Activity: From first line to last, give the records again word for word and omit the pictures.

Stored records
=== Section Start ===
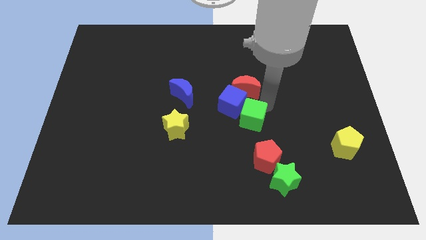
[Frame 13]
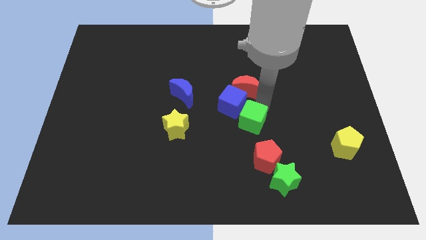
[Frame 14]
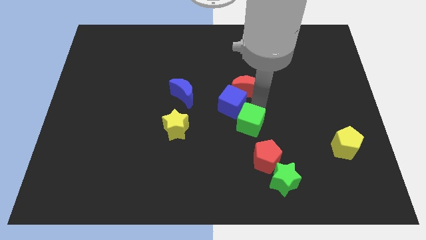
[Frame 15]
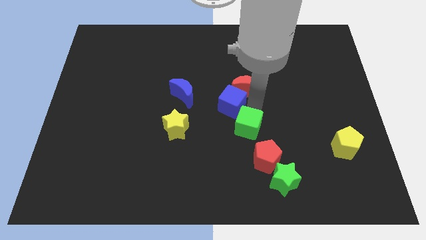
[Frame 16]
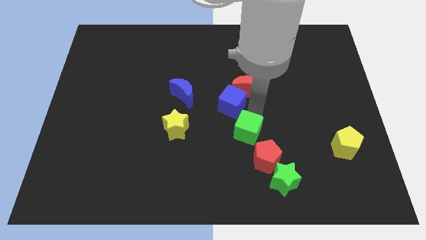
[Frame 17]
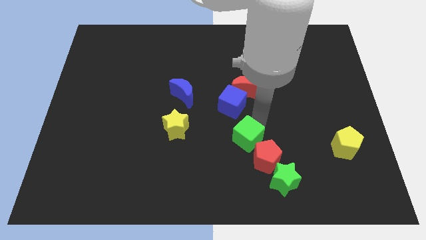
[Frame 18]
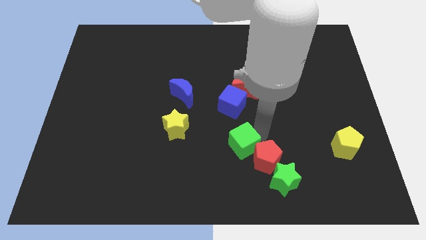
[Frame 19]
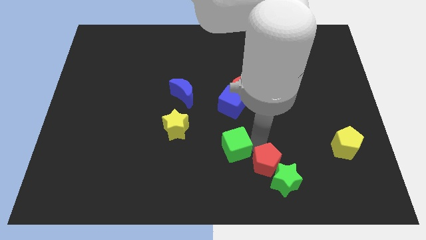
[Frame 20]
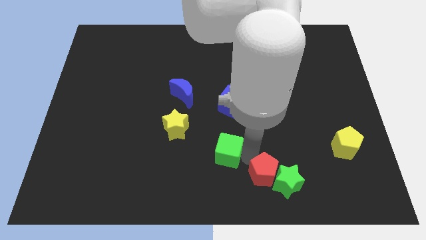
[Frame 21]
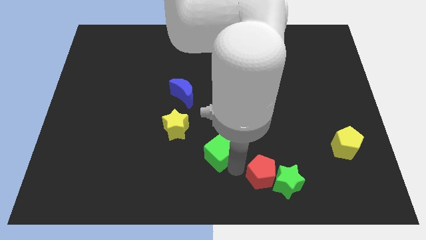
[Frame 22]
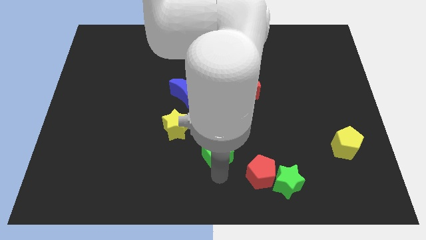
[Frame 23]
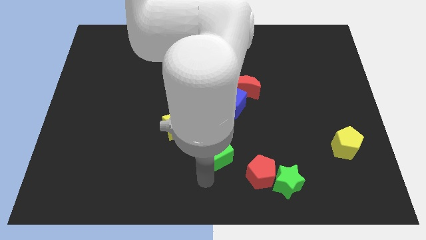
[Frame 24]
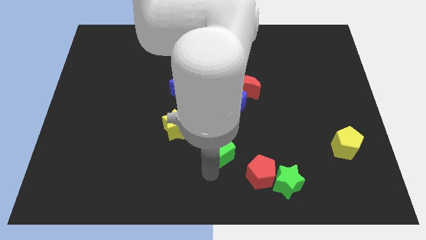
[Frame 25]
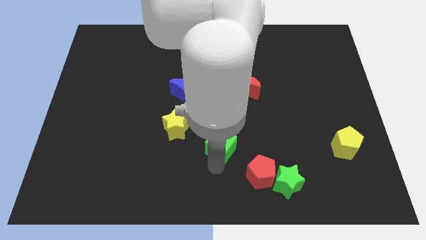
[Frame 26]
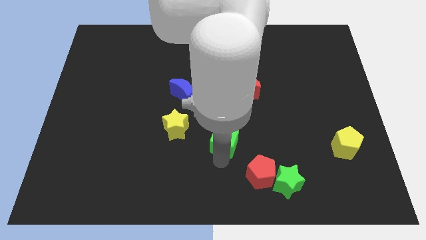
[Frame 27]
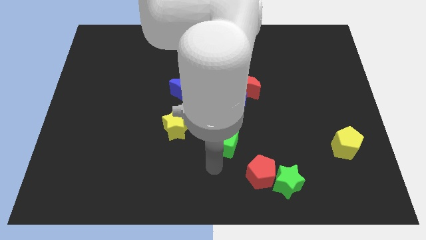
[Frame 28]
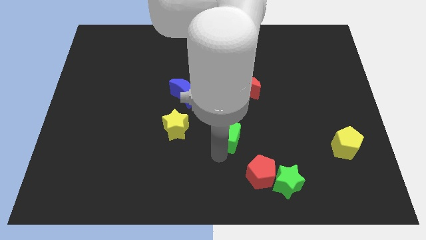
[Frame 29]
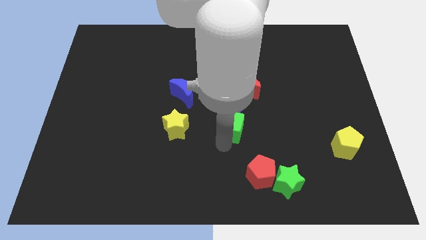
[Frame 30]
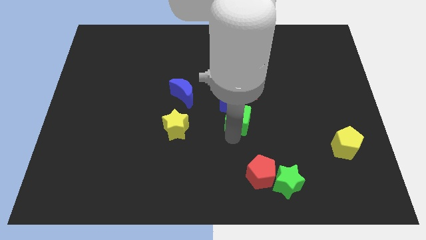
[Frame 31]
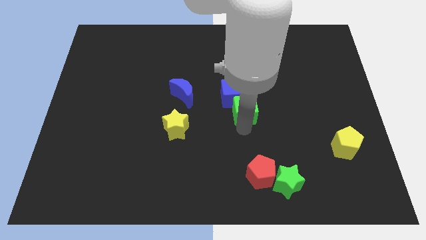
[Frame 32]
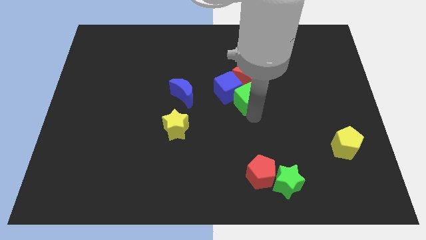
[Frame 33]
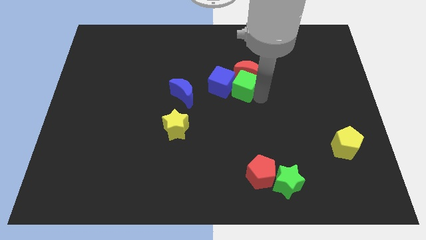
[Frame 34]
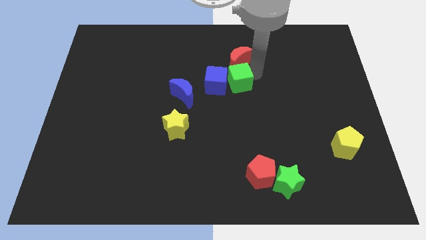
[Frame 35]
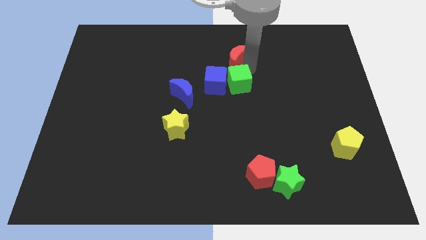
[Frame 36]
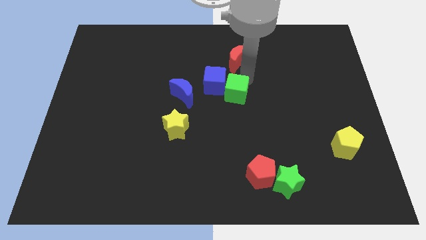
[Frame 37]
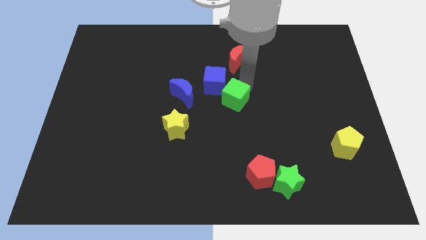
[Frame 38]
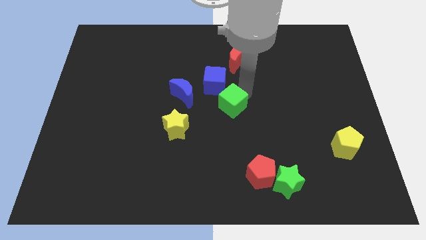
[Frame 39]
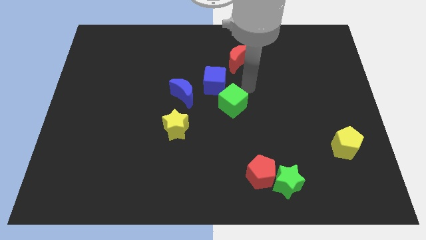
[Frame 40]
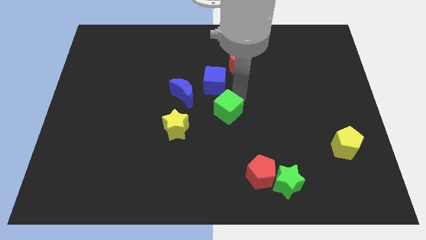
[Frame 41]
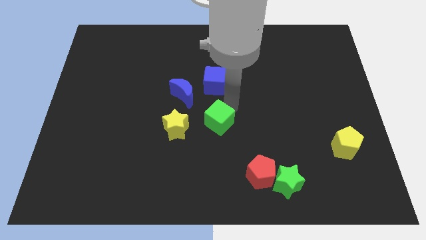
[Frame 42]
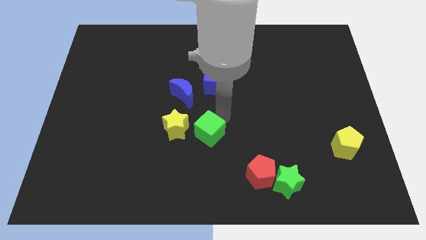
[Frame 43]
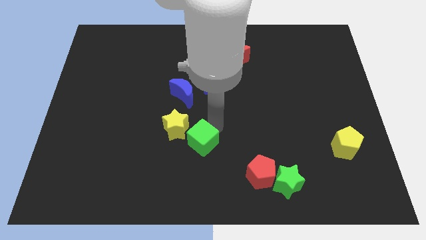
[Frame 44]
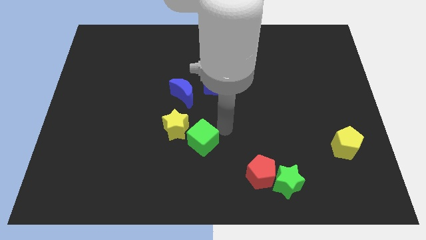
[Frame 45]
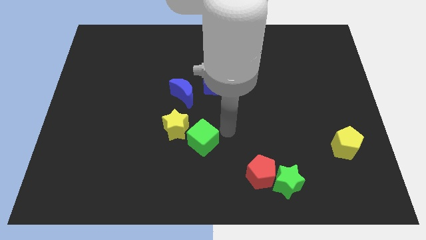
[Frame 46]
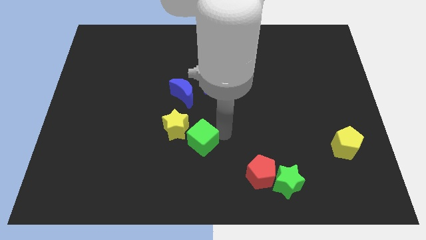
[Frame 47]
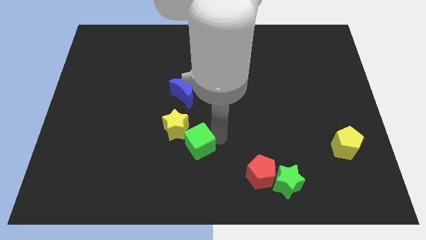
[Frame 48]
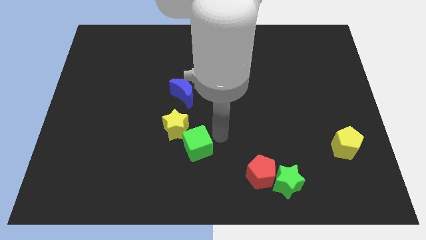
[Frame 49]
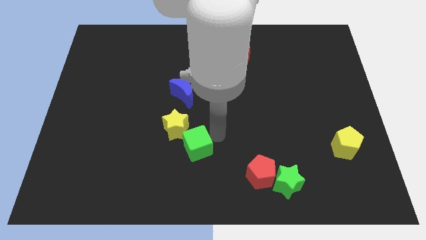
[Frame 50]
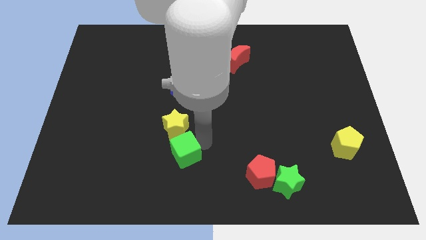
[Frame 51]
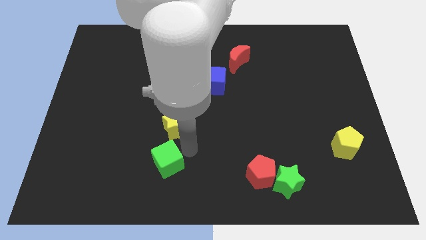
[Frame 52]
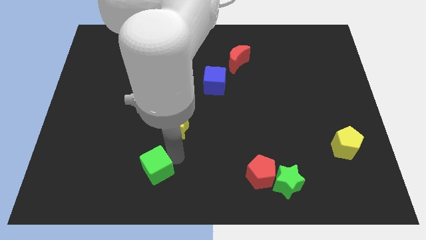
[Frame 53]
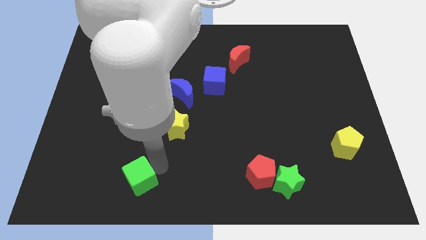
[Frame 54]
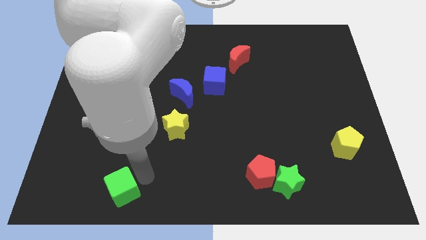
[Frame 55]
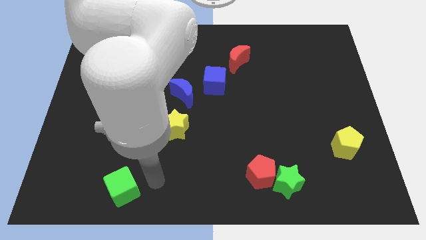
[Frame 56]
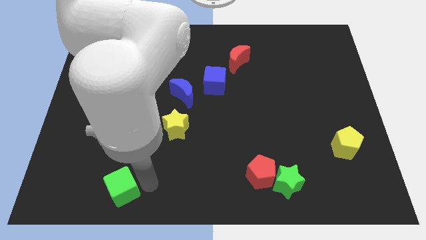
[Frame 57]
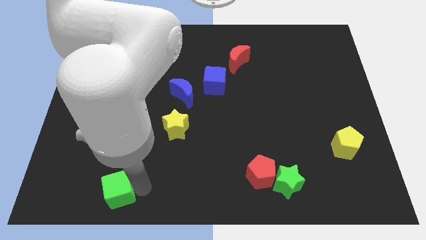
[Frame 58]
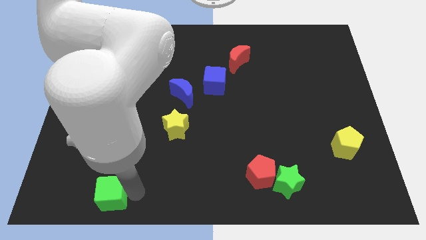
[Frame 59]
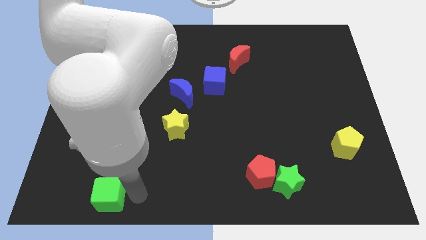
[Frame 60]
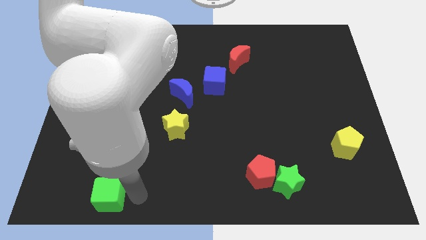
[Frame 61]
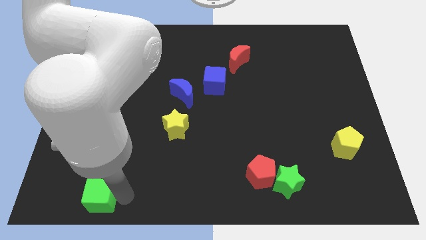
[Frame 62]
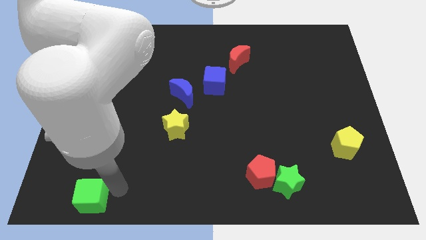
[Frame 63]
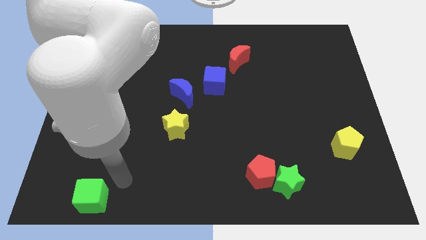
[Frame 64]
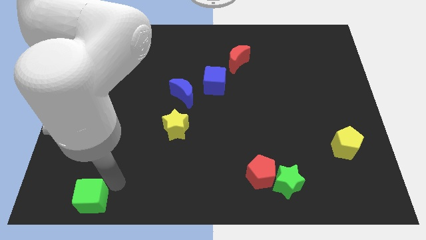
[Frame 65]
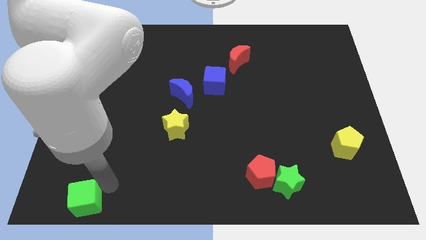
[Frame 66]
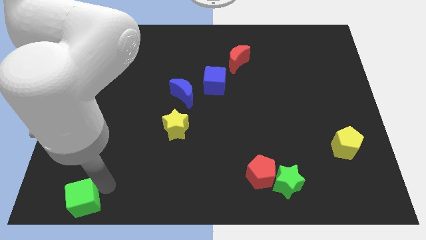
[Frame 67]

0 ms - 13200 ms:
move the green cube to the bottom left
=== Section End ===
Task response:
[Frame 13]
[Frame 14]
[Frame 15]
[Frame 16]
[Frame 17]
[Frame 18]
[Frame 19]
[Frame 20]
[Frame 21]
[Frame 22]
[Frame 23]
[Frame 24]
[Frame 25]
[Frame 26]
[Frame 27]
[Frame 28]
[Frame 29]
[Frame 30]
[Frame 31]
[Frame 32]
[Frame 33]
[Frame 34]
[Frame 35]
[Frame 36]
[Frame 37]
[Frame 38]
[Frame 39]
[Frame 40]
[Frame 41]
[Frame 42]
[Frame 43]
[Frame 44]
[Frame 45]
[Frame 46]
[Frame 47]
[Frame 48]
[Frame 49]
[Frame 50]
[Frame 51]
[Frame 52]
[Frame 53]
[Frame 54]
[Frame 55]
[Frame 56]
[Frame 57]
[Frame 58]
[Frame 59]
[Frame 60]
[Frame 61]
[Frame 62]
[Frame 63]
[Frame 64]
[Frame 65]
[Frame 66]
[Frame 67]

0 ms - 13200 ms:
move the green cube to the bottom left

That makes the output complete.